Uma dessas decisões veio em janeiro deste ano, quando o juiz da 4ª Vara do Trabalho de São Paulo Maurício Pereira Simões, reconheceu o vínculo empregatício entre a Sis Motos, o iFood e um entregador e condenou as empresas a registrá-lo em carteira, bem como a pagar outros direitos.

Na sentença, o magistrado determinou que se a Sis Motos não arcasse com a responsabilidade, ela recairia imediatamente sobre o iFood.

Contratos

A investigação chegou a detalhes dos contratos firmados entre o iFood e a SIS Motos. Nas cláusulas há obrigações como registro em carteira, seguir protocolos de segurança e fornecer equipamentos como uniformes, smartphones com internet e despesas para combustíveis e manutenção, todas como responsabilidade da terceirizada, o ‘operador logístico’.

Há também previsão de horários – as escaladas de trabalho. Mas os entregadores ouvidos alegaram que nada disso é cumprido e eles sequer sabiam que existiam essas regras e direitos. É comum, diz o dirigente CUTista, ver aglomerações de entregadores em determinados pontos da cidade, onde são distribuídos materiais como as mochilas com a marca – as caixas de isopor usadas pelos entregadores nas costas e até mesmo bicicletas personalizadas a quem queira (ou esteja precisando de uma fonte renda) ‘trabalhar’ para o iFood.

Ari Aloraldo explica que essa situação é uma forma de recrutamento dos trabalhadores pelos operadores logísticos – uma espécie de varejo de serviços a serem realizados.
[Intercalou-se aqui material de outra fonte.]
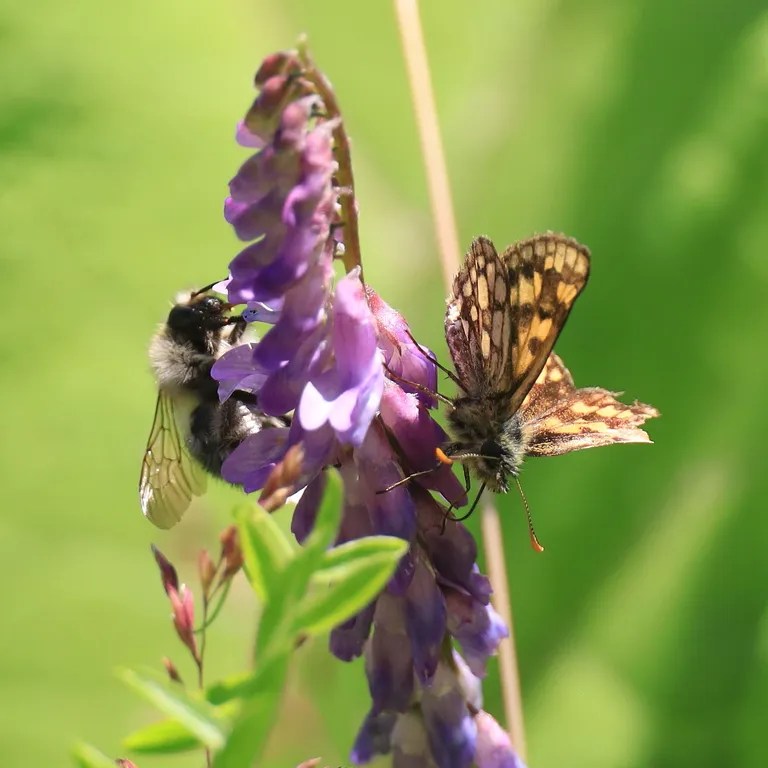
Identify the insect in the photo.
Carterocephalus palaemon
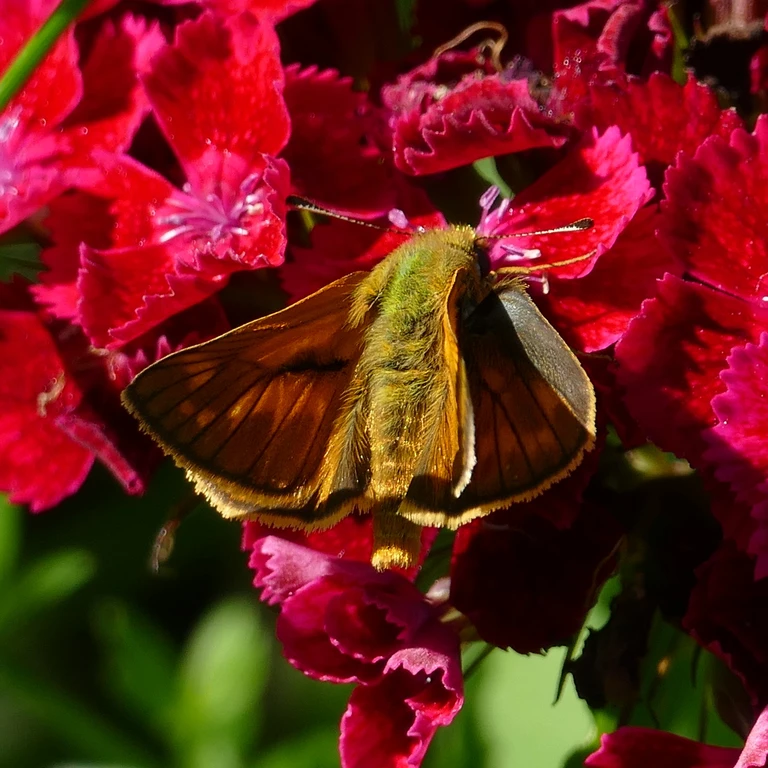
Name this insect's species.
Ochlodes sylvanus (also Ochlodes venata)
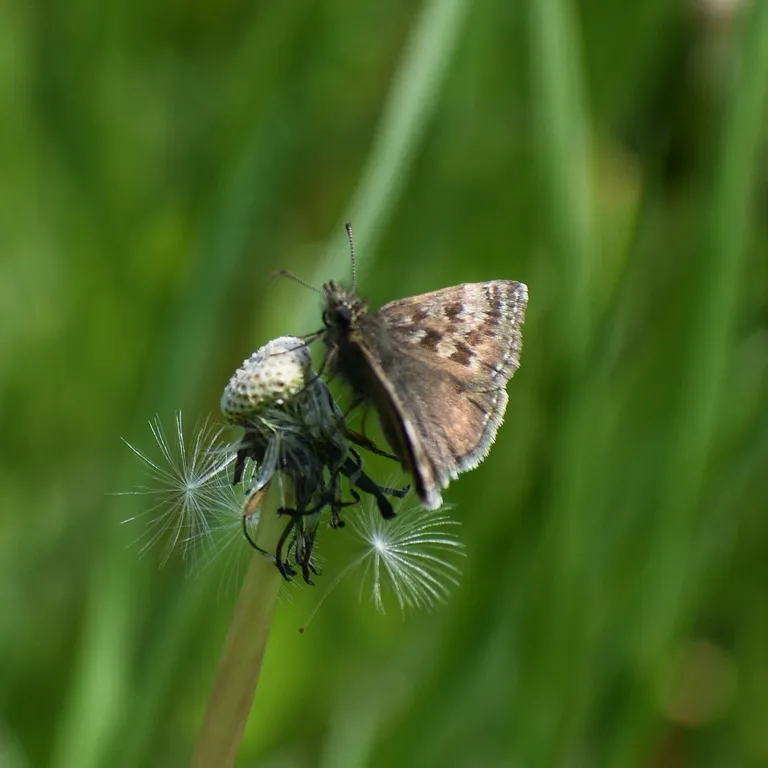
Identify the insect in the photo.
Erynnis tages
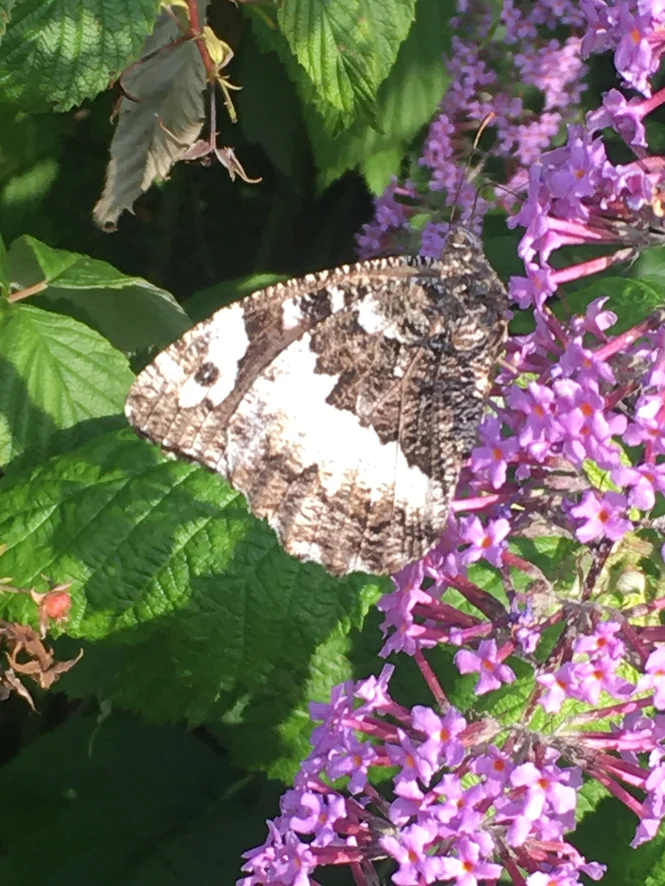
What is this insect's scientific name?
Brintesia circe

E diz que este formato comprova que os trabalhadores estão exercendo a função sem direito algum – uma forma de o iFood se valer da precarização.

Para o dirigente, o entendimento de procuradores sobre a prática ser uma espécie de blindagem do iFood para que não sofra sanções jurídicas é correta. “Felizmente temos decisões que entendem que esse tipo de terceirização é uma cortina de fumaça para a empresa poder continuar burlando a lei e explorando os trabalhadores”.

“Muitas empresas têm feito isso. Estão fugindo da responsabilidade para criar outras empresas de fachada, para especular ainda mais o mercado de trabalho e explorar a mão de obra sem direitos”, diz Ari.